In this example on dc2 "BUILTIN\Server Operators" map to 3000002 and "Group Policy Creator Owners" map to 3000003.

Via idmap.ldb on dc2
3000007 maps to S-1-5-18 (Local System)
3000009 maps to S-1-5-11 (Authenticated Users)

This results in no read access rights for "Authenticated Users" means normal users can not access the sysvol share and can not read the gpo's.
Also "BUILTIN\Server Operators" now gained write access th sysvol on dc2.

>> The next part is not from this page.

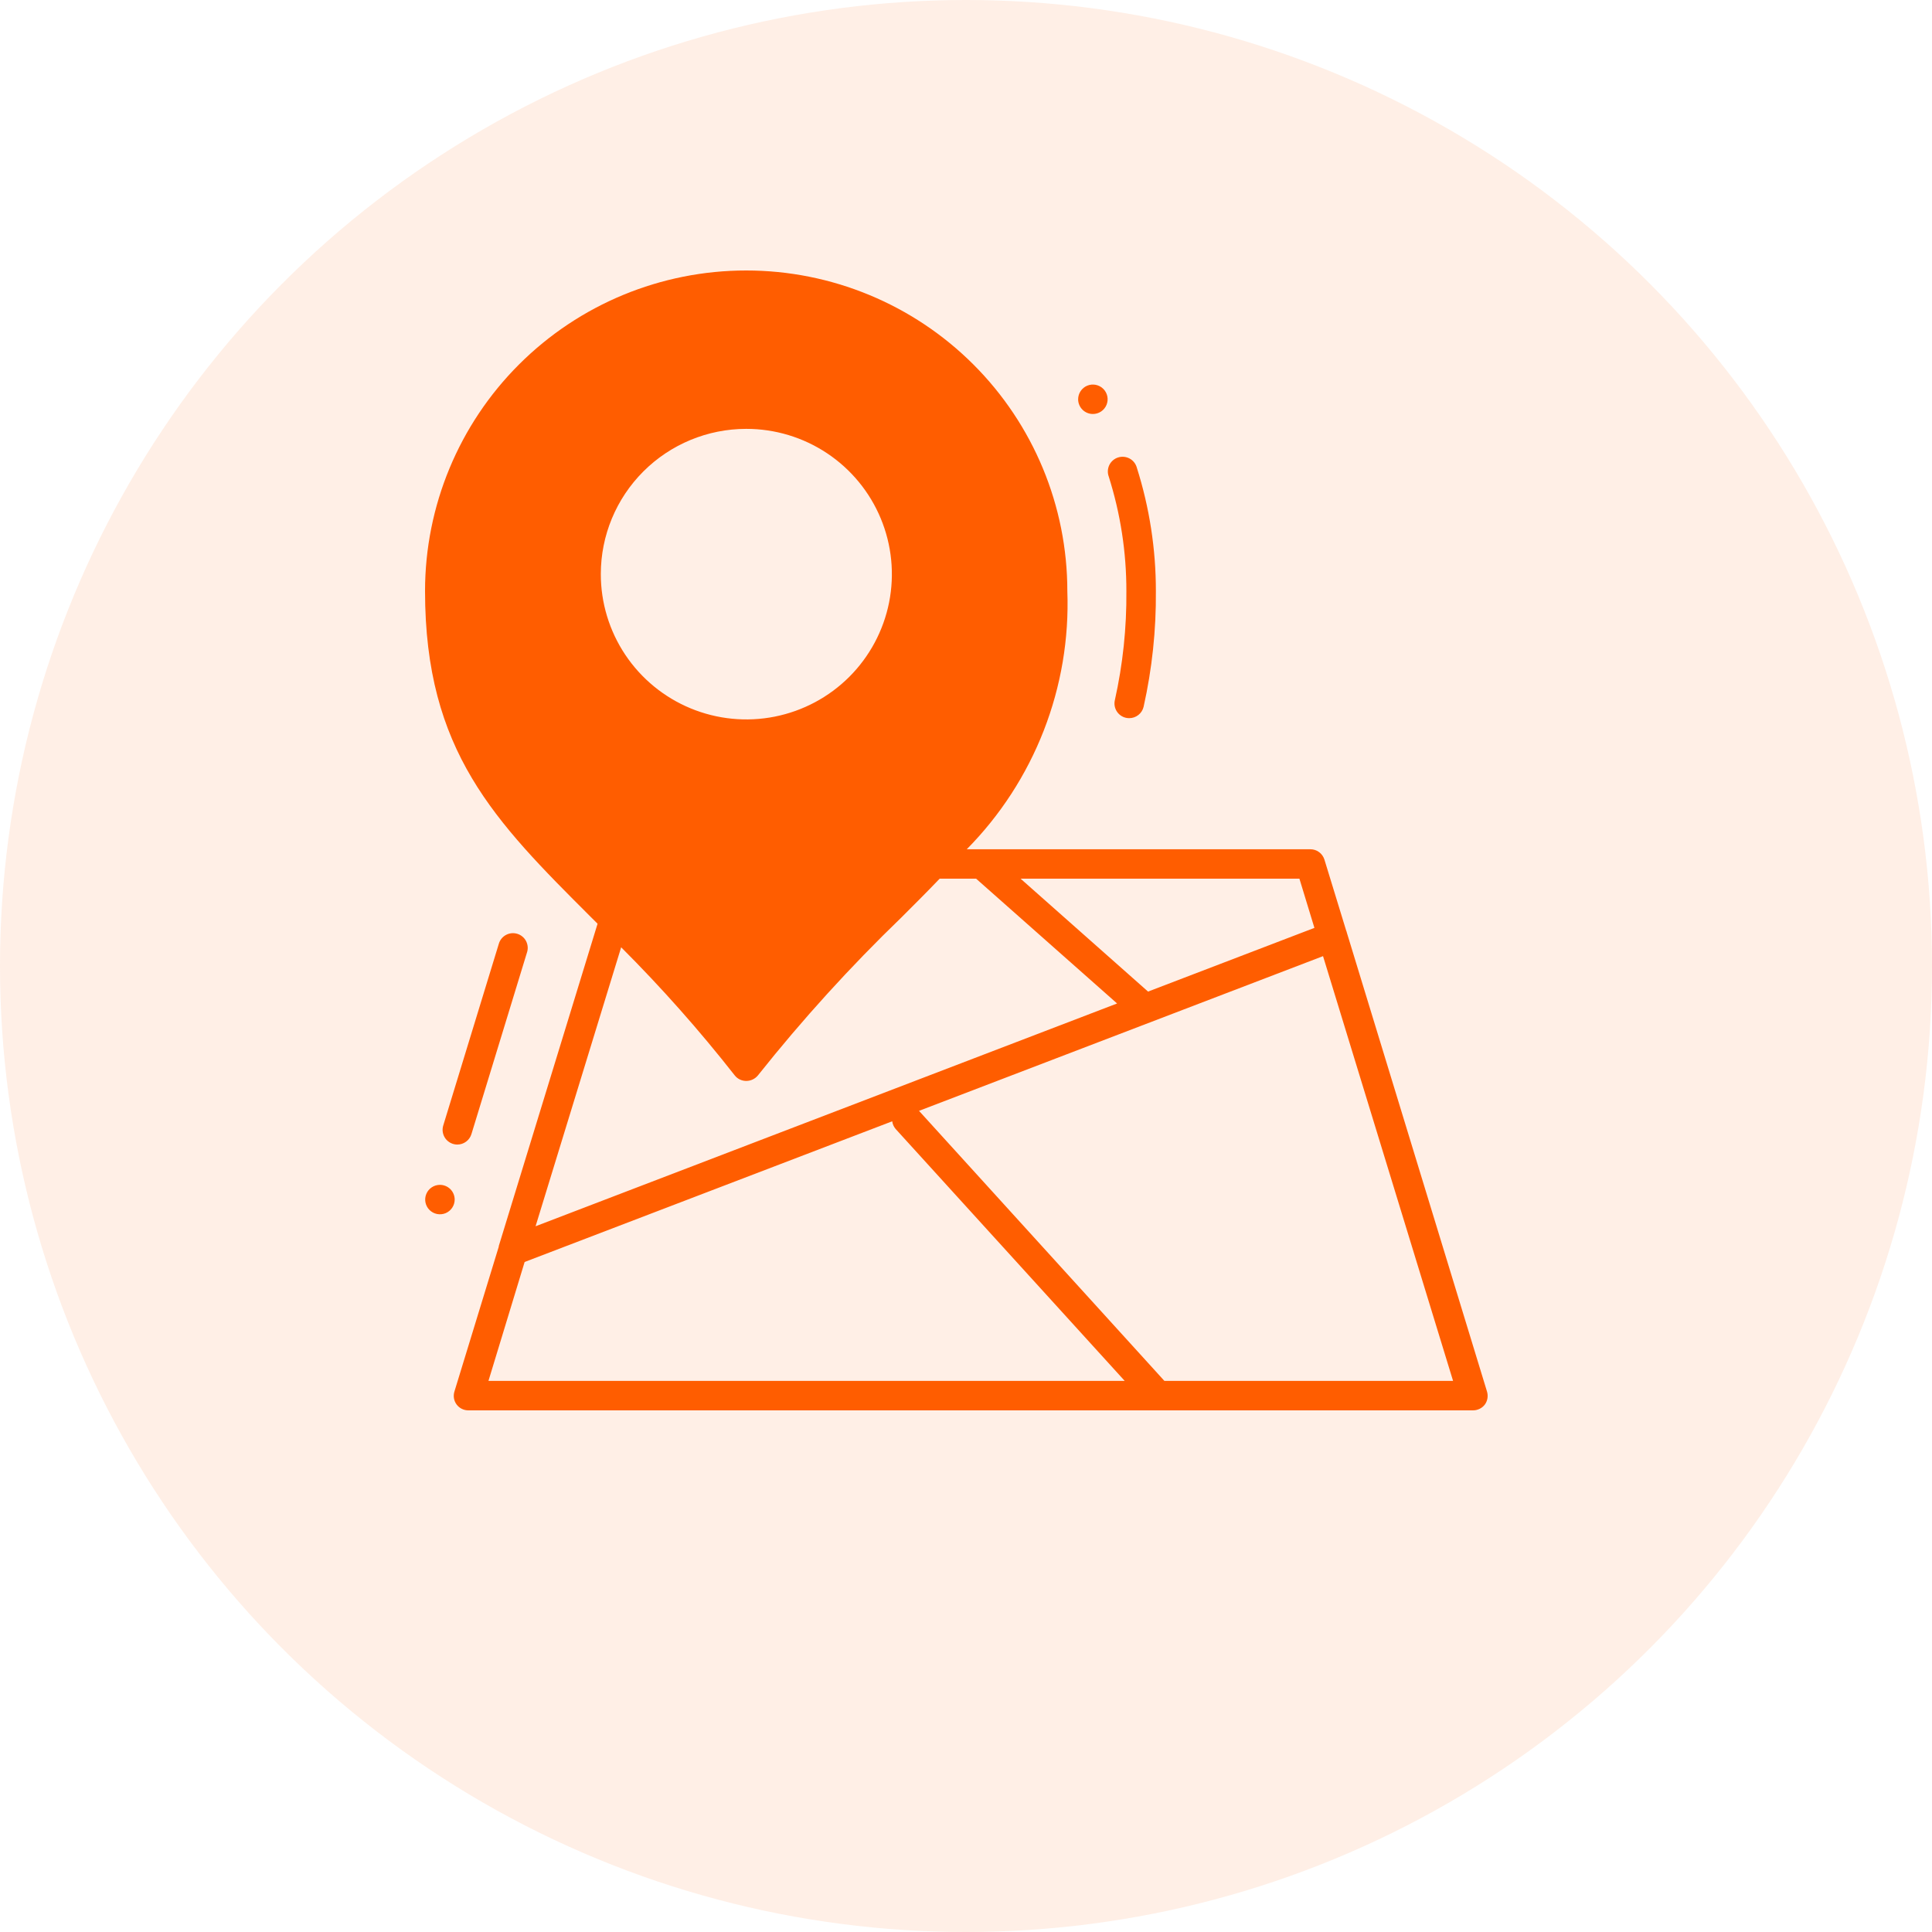 <svg width="100" height="100" viewBox="0 0 100 100" fill="none" xmlns="http://www.w3.org/2000/svg">
<circle cx="50" cy="50" r="50" fill="#FF5D00" fill-opacity="0.1"/>
<path d="M57.387 24.663C57.352 24.567 57.337 24.464 57.343 24.361C57.348 24.259 57.375 24.158 57.42 24.066C57.466 23.974 57.53 23.892 57.608 23.825C57.686 23.758 57.777 23.708 57.876 23.677C57.974 23.646 58.077 23.636 58.179 23.646C58.282 23.656 58.381 23.686 58.472 23.736C58.562 23.785 58.641 23.852 58.705 23.933C58.768 24.014 58.815 24.107 58.842 24.206C59.497 26.272 59.83 28.427 59.828 30.594C59.845 32.607 59.632 34.617 59.193 36.582C59.154 36.75 59.059 36.899 58.924 37.006C58.789 37.113 58.622 37.172 58.449 37.172C58.391 37.172 58.334 37.165 58.277 37.153C58.179 37.131 58.087 37.09 58.005 37.031C57.923 36.973 57.854 36.9 57.801 36.815C57.748 36.73 57.712 36.635 57.695 36.536C57.679 36.438 57.682 36.337 57.705 36.239C58.118 34.389 58.318 32.497 58.301 30.601C58.305 28.587 57.996 26.584 57.387 24.663ZM23.671 59.242C23.835 59.242 23.994 59.189 24.125 59.092C24.257 58.995 24.353 58.858 24.401 58.702L27.275 49.305C27.308 49.209 27.321 49.107 27.313 49.005C27.305 48.904 27.277 48.805 27.231 48.714C27.184 48.623 27.12 48.543 27.041 48.478C26.963 48.412 26.872 48.363 26.775 48.334C26.677 48.304 26.575 48.294 26.473 48.304C26.372 48.315 26.273 48.346 26.184 48.395C26.095 48.444 26.016 48.51 25.953 48.59C25.89 48.67 25.843 48.762 25.816 48.86L22.942 58.257C22.907 58.371 22.899 58.492 22.92 58.609C22.94 58.726 22.987 58.837 23.058 58.933C23.129 59.029 23.222 59.106 23.328 59.16C23.435 59.214 23.552 59.242 23.671 59.242ZM76.859 72.695C76.788 72.789 76.696 72.865 76.59 72.918C76.484 72.971 76.367 72.999 76.249 73H24.259C24.138 73.003 24.018 72.977 23.909 72.924C23.8 72.871 23.705 72.793 23.633 72.696C23.561 72.598 23.514 72.485 23.495 72.366C23.477 72.246 23.488 72.124 23.526 72.009L25.816 64.528V64.497L30.93 47.812L30.594 47.477C25.602 42.494 22 38.883 22 30.594C22 26.193 23.751 21.972 26.869 18.86C29.986 15.748 34.214 14 38.623 14C43.031 14 47.259 15.748 50.377 18.86C53.494 21.972 55.245 26.193 55.245 30.594C55.336 33.058 54.92 35.514 54.025 37.812C53.13 40.11 51.774 42.201 50.04 43.957H67.819C67.982 43.956 68.141 44.007 68.273 44.103C68.405 44.199 68.502 44.335 68.551 44.49L69.681 48.178C69.689 48.186 69.694 48.197 69.696 48.208C69.696 48.224 69.711 48.254 69.711 48.269L76.962 72.009C76.999 72.124 77.009 72.245 76.992 72.364C76.974 72.483 76.929 72.596 76.859 72.695ZM67.258 45.481H52.826L59.423 51.324L68.034 48.027L67.258 45.481ZM31.098 29.71C31.096 31.198 31.537 32.653 32.364 33.891C33.191 35.128 34.367 36.093 35.744 36.663C37.121 37.233 38.636 37.383 40.098 37.093C41.56 36.803 42.903 36.087 43.957 35.035C45.011 33.983 45.728 32.642 46.019 31.183C46.309 29.723 46.16 28.211 45.588 26.836C45.017 25.462 44.051 24.288 42.811 23.462C41.571 22.636 40.113 22.196 38.623 22.198C36.627 22.199 34.714 22.991 33.303 24.4C31.892 25.808 31.099 27.718 31.098 29.71ZM27.724 63.461V63.47L57.821 51.94L50.524 45.481H48.636C48.01 46.136 47.354 46.791 46.667 47.477C44.011 50.038 41.528 52.772 39.233 55.659C39.16 55.75 39.067 55.823 38.961 55.873C38.855 55.924 38.74 55.949 38.623 55.949C38.508 55.949 38.395 55.923 38.291 55.873C38.188 55.823 38.098 55.75 38.027 55.659C36.204 53.334 34.241 51.121 32.151 49.031L27.724 63.461ZM25.282 71.476H58.216L46.356 58.433C46.261 58.321 46.2 58.184 46.181 58.038L27.155 65.32L25.282 71.476ZM75.211 71.476L68.48 49.49L47.568 57.497L60.27 71.476H75.211ZM56.567 21.428C56.718 21.428 56.866 21.384 56.991 21.3C57.117 21.216 57.215 21.097 57.272 20.958C57.33 20.819 57.345 20.666 57.316 20.518C57.286 20.37 57.214 20.234 57.107 20.128C57 20.021 56.864 19.949 56.716 19.919C56.568 19.89 56.415 19.905 56.275 19.962C56.136 20.02 56.017 20.118 55.933 20.243C55.849 20.368 55.804 20.516 55.804 20.666C55.804 20.869 55.885 21.062 56.028 21.205C56.171 21.348 56.365 21.428 56.567 21.428ZM22.771 61.328C22.62 61.328 22.472 61.372 22.347 61.456C22.221 61.54 22.123 61.659 22.066 61.798C22.008 61.937 21.993 62.09 22.022 62.238C22.052 62.386 22.124 62.522 22.231 62.628C22.338 62.735 22.474 62.807 22.622 62.837C22.77 62.866 22.924 62.851 23.063 62.794C23.202 62.736 23.322 62.638 23.405 62.513C23.489 62.388 23.534 62.24 23.534 62.09C23.534 61.888 23.454 61.694 23.311 61.551C23.167 61.408 22.973 61.328 22.771 61.328Z" fill="#FF5D00"/>
</svg>

getfacl after "samba-tool ntacl sysvolreset" on dc2:

getfacl: Removing leading '/' from absolute path names
# file: var/lib/samba/sysvol/
# owner: root
# group: BUILTIN\134administrators
user::rwx
user:root:rwx
user:BUILTIN\134administrators:rwx
user:BUILTIN\134server\040operators:r-x
user:3000007:r-x
user:3000009:rwx
group::rwx
group:BUILTIN\134administrators:rwx
group:BUILTIN\134server\040operators:r-x
group:3000007:r-x
group:3000009:rwx
mask::rwx
other::---
default:user::rwx
default:user:root:rwx
default:user:BUILTIN\134administrators:rwx
default:user:BUILTIN\134server\040operators:r-x
default:user:3000007:r-x
default:user:3000009:rwx
default:group::---
default:group:BUILTIN\134administrators:rwx
default:group:BUILTIN\134server\040operators:r-x
default:group:3000007:r-x
default:group:3000009:rwx
default:mask::rwx
default:other::---

Since the posix acl's are still mandatory to access the share it does not help that the extended acl's in security.NTACL are not affected by this mapping problem. 
Even with acl_xattr:ignore system acls = Yes set an domain user can not access the sysvol share on dc2 without running sysvolreset or keeping idmap.ldb in sync.

If the "well known security principals" would be resolved like the BUILTIN groups via winbindd above problems would be fixed.